Thanks Wolffman. Good stuff and am thinking between your and Eric's experience that this unit comes out UNDER the stock curly bar but NOT under the stock receiver tube (which would have to be whacked). Combining the two hitches would make for some serious towing hook up and frame integrity. TPappas... I don't know your answer. I just pull what is there. I have a gooseneck too. I flunked engineering... but good on intuition. George
 
TPappas said:
I bought and used a trailer tongue weight scale. My unloaded tongue weight for my trailer is 1350 lbs. My wife weighs 125 lbs and she went to the front most portion of the inside of the trailer and the tongue weight went up to 1400 lbs. There was also a little less than 1/3 fresh water in it, with the fresh water tank being right in front of the axles. My 20 gallon generator tank is also empty which is behind the axles, so with this full it would help lessen the tongue weight a bit.

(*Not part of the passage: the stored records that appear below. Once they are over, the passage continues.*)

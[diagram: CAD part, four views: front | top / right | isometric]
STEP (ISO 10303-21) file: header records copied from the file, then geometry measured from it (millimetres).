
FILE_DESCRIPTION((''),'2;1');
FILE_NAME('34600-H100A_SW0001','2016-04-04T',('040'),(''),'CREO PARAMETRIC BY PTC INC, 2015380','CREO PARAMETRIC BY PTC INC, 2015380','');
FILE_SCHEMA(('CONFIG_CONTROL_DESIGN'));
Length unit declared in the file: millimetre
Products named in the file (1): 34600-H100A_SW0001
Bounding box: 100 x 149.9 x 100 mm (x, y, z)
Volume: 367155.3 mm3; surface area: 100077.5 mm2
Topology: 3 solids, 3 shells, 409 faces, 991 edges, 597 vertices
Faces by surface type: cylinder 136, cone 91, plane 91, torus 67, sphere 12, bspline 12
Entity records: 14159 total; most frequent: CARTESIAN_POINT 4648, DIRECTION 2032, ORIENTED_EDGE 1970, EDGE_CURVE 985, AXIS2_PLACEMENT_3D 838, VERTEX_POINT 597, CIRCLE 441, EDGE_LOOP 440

I am using 1400 lb. WD bars as well. Do I need to upgrade to a class 5 hitch? I was under the impression from others that my tongue weight may have been as high as 1700 lbs. , but that is not the case. What do you guys think?

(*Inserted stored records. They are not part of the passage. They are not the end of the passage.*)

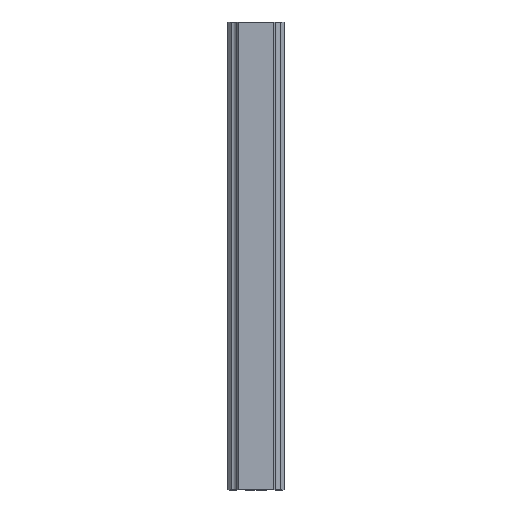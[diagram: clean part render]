
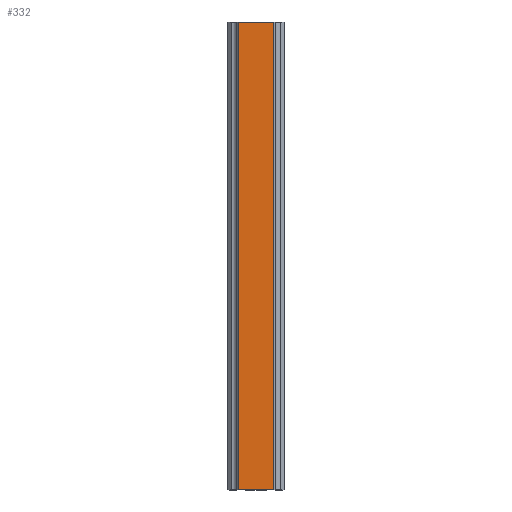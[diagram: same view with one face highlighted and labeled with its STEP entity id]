
A CAD part, top view. The second image highlights one B-rep face of the part: STEP entity #332.
In plain terms, the highlighted planar face has unit normal (0, 0, 1).
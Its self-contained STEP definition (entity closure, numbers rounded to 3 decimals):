
#332=ADVANCED_FACE('',(#681),#682,.T.);
#681=FACE_OUTER_BOUND('',#1036,.T.);
#682=PLANE('',#1037);
#1036=EDGE_LOOP('',(#2020,#2021,#2022,#2023));
#1037=AXIS2_PLACEMENT_3D('',#2024,#2025,#2026);
#2020=ORIENTED_EDGE('',*,*,#2470,.T.);
#2021=ORIENTED_EDGE('',*,*,#2536,.F.);
#2022=ORIENTED_EDGE('',*,*,#2351,.T.);
#2023=ORIENTED_EDGE('',*,*,#2534,.T.);
#2024=CARTESIAN_POINT('',(7.2,375.0,38.));
#2025=DIRECTION('',(0.0,0.0,1.0));
#2026=DIRECTION('',(-1.0,0.0,0.0));
#2351=EDGE_CURVE('',#2883,#2881,#2884,.T.);
#2470=EDGE_CURVE('',#3076,#3074,#3077,.T.);
#2534=EDGE_CURVE('',#2881,#3076,#3155,.T.);
#2536=EDGE_CURVE('',#2883,#3074,#3157,.T.);
#2881=VERTEX_POINT('',#3645);
#2883=VERTEX_POINT('',#3648);
#2884=LINE('',#3649,#3650);
#3074=VERTEX_POINT('',#3929);
#3076=VERTEX_POINT('',#3932);
#3077=LINE('',#3933,#3934);
#3155=LINE('',#4041,#4042);
#3157=LINE('',#4044,#4045);
#3645=CARTESIAN_POINT('',(-14.4,375.0,38.));
#3648=CARTESIAN_POINT('',(14.4,375.0,38.));
#3649=CARTESIAN_POINT('',(14.4,375.0,38.));
#3650=VECTOR('',#4264,1.0);
#3929=CARTESIAN_POINT('',(14.4,0.0,38.));
#3932=CARTESIAN_POINT('',(-14.4,0.0,38.));
#3933=CARTESIAN_POINT('',(0.0,0.0,38.));
#3934=VECTOR('',#4367,1.0);
#4041=CARTESIAN_POINT('',(-14.4,375.0,38.));
#4042=VECTOR('',#4427,1.0);
#4044=CARTESIAN_POINT('',(14.4,375.0,38.));
#4045=VECTOR('',#4428,1.0);
#4264=DIRECTION('',(-1.0,0.0,0.0));
#4367=DIRECTION('',(1.0,0.0,0.0));
#4427=DIRECTION('',(0.0,-1.0,0.0));
#4428=DIRECTION('',(0.0,-1.0,0.0));

Well Draw Tite has a heavy class 4 hitch rated at 1200/12000 or 1400/14000 with WD. That one still has a 2" square receiver. But it is still going to look big and bulky like the class 5 compared to the curvy stock one. Personally, I'd get the heaviest hitch I could find and not worry that it didn't look as clean as the stock one.



The thought of losing a trailer does not appeal to me at all even if it is a remote possibility that the lower rated hitch will break. And I like to stay within the ratings.

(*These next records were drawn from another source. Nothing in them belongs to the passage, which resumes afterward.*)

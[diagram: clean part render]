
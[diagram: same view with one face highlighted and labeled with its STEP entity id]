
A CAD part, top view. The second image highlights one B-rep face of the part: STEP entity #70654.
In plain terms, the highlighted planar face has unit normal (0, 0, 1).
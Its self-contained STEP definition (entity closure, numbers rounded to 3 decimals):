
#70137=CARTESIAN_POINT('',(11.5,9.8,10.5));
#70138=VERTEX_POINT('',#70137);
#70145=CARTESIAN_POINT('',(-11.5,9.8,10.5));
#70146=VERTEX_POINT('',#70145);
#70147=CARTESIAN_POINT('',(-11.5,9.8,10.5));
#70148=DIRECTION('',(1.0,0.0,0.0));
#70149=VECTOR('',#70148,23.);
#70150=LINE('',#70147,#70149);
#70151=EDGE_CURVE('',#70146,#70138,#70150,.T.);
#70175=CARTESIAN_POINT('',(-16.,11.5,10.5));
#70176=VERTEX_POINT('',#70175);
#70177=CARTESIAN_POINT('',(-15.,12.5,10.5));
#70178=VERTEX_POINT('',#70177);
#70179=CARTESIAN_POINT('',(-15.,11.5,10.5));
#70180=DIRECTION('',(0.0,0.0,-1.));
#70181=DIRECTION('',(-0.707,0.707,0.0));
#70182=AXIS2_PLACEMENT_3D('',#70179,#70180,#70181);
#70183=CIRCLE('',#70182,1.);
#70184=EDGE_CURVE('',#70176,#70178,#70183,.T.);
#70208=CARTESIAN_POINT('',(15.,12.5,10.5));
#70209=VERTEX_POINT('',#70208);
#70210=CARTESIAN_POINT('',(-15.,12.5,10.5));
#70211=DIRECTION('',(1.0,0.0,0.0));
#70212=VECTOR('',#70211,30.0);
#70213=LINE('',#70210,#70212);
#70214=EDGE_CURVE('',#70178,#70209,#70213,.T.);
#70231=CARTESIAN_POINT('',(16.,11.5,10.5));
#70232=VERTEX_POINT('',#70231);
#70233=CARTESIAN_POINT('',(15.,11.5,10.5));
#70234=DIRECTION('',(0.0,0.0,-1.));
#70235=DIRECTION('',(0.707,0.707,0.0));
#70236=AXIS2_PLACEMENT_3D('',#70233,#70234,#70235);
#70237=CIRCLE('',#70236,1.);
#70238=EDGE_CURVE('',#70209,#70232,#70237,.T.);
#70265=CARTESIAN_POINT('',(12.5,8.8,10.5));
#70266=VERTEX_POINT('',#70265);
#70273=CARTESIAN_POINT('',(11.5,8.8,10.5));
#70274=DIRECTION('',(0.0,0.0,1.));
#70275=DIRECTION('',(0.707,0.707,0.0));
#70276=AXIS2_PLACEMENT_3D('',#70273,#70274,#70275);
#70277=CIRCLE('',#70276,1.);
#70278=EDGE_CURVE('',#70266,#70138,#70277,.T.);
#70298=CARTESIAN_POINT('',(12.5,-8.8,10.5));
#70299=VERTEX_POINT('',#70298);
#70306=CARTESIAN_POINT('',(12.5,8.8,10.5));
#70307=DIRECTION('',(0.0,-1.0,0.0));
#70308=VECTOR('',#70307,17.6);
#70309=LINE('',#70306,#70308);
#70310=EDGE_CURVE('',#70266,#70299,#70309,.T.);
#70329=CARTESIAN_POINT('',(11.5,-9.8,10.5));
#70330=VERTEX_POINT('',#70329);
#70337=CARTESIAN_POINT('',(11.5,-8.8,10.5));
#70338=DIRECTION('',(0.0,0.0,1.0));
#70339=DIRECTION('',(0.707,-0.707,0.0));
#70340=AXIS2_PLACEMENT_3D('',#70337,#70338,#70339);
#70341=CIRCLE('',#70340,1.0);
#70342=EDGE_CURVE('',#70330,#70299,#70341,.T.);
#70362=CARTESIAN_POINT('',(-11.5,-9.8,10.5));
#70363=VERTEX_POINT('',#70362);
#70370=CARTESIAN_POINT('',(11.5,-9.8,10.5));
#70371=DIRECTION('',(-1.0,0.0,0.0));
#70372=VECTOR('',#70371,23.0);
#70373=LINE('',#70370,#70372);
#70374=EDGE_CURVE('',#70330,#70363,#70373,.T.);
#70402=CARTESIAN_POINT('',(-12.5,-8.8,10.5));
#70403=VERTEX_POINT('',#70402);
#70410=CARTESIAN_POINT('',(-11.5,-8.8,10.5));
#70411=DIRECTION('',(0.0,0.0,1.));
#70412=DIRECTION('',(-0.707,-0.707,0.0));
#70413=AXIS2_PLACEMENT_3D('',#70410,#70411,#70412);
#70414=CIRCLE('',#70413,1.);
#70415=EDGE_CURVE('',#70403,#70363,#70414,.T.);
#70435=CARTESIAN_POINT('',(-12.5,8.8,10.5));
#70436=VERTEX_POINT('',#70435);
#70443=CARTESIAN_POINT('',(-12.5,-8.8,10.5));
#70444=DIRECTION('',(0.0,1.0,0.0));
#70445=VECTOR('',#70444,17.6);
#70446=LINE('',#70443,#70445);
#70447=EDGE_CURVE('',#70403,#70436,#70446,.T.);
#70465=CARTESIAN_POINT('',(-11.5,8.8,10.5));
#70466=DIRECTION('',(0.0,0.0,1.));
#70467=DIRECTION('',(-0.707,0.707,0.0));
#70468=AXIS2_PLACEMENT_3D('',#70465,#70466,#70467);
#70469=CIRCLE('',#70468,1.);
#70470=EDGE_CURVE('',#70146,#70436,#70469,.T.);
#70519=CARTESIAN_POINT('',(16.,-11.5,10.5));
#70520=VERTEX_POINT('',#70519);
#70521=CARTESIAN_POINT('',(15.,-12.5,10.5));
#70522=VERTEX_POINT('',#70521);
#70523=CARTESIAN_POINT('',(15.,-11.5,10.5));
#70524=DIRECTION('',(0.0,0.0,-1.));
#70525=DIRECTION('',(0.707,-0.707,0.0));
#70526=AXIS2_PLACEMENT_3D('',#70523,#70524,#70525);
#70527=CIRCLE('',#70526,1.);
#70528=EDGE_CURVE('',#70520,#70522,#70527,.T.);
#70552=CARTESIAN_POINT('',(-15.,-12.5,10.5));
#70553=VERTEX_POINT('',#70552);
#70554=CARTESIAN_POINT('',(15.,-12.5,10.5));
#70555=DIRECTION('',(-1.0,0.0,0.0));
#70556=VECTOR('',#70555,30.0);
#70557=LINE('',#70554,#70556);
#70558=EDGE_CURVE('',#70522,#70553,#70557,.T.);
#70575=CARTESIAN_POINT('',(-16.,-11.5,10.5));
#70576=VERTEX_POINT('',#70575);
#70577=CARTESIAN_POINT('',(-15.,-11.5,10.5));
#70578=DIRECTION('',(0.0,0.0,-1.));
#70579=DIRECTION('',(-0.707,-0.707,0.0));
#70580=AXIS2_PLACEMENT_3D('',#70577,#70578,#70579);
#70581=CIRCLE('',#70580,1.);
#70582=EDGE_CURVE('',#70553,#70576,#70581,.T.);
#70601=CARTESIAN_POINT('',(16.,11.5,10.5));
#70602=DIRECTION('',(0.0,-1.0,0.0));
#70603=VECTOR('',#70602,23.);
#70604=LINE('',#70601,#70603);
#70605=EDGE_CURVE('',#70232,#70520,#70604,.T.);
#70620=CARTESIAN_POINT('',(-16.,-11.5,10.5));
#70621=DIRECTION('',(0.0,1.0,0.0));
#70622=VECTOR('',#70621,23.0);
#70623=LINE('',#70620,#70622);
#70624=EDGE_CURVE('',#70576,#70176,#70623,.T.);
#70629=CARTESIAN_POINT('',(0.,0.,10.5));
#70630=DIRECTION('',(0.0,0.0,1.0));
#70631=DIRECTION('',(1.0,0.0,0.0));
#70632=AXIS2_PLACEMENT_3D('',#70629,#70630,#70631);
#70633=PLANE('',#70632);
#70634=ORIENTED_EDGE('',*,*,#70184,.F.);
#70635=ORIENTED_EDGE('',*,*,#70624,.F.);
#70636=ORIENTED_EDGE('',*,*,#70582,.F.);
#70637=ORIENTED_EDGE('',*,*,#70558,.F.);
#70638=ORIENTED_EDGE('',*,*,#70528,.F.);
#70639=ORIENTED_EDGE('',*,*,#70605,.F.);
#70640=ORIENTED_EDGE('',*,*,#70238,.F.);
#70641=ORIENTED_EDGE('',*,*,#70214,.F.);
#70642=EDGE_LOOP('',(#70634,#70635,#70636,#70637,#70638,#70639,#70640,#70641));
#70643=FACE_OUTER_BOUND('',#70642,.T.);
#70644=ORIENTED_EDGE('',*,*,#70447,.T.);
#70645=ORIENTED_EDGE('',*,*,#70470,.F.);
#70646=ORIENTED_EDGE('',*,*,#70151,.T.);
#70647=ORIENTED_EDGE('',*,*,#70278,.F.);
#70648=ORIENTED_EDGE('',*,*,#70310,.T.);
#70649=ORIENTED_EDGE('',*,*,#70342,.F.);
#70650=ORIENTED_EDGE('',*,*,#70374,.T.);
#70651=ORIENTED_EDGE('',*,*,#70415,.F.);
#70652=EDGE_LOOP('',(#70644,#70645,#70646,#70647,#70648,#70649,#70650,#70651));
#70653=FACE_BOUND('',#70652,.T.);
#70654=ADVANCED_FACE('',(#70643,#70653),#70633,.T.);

Besides those big hitches are good if somebody runs into the back of you. So I'd say get one.
 
I had a Titan class V hitch and 48" extension on my Chevy. The extension flexed so much I thought it would break at any time. I bought my Dodge without a hitch and was going to put a Titan hitch on it, when I was at a Lance camper dealer I saw a flyer on Torklift hitches and camper hold downs. I told the guy behind the counter, I want this set up. I am pleased with the Torklift Hitch/extension and campers hold downs. I have been using this setup for a year now and my truck bed has no external damage caused by the camper and the hitch does not flex like a diving board. In my opinion, Torque Lift is the only way to go, it look so much stronger than the Titan hitch. If you can't afford the Torklift setup wait until you can afford it.



http://www.torklift.com/superhitch_pictures.htm





P. S. I have photo's, don't know how to upload them.
 
Good point ASpathias. The dual reciever is necessary for an extension. The SuperHitch is rated at 15,000# by itself which is same as Putnam's Class V. So you may have a Class V now. George
 
I have ordered the putman class V hitch and should get it in a few days. I called putman and the hitch is rated for 16000/1700 with weight distribution bars. That is plenty for what I need. They also assured me that it will not look much different than the stock hitch does as far as hanging any lower under the truck. When I get in on I will post pics of it for everyone to see.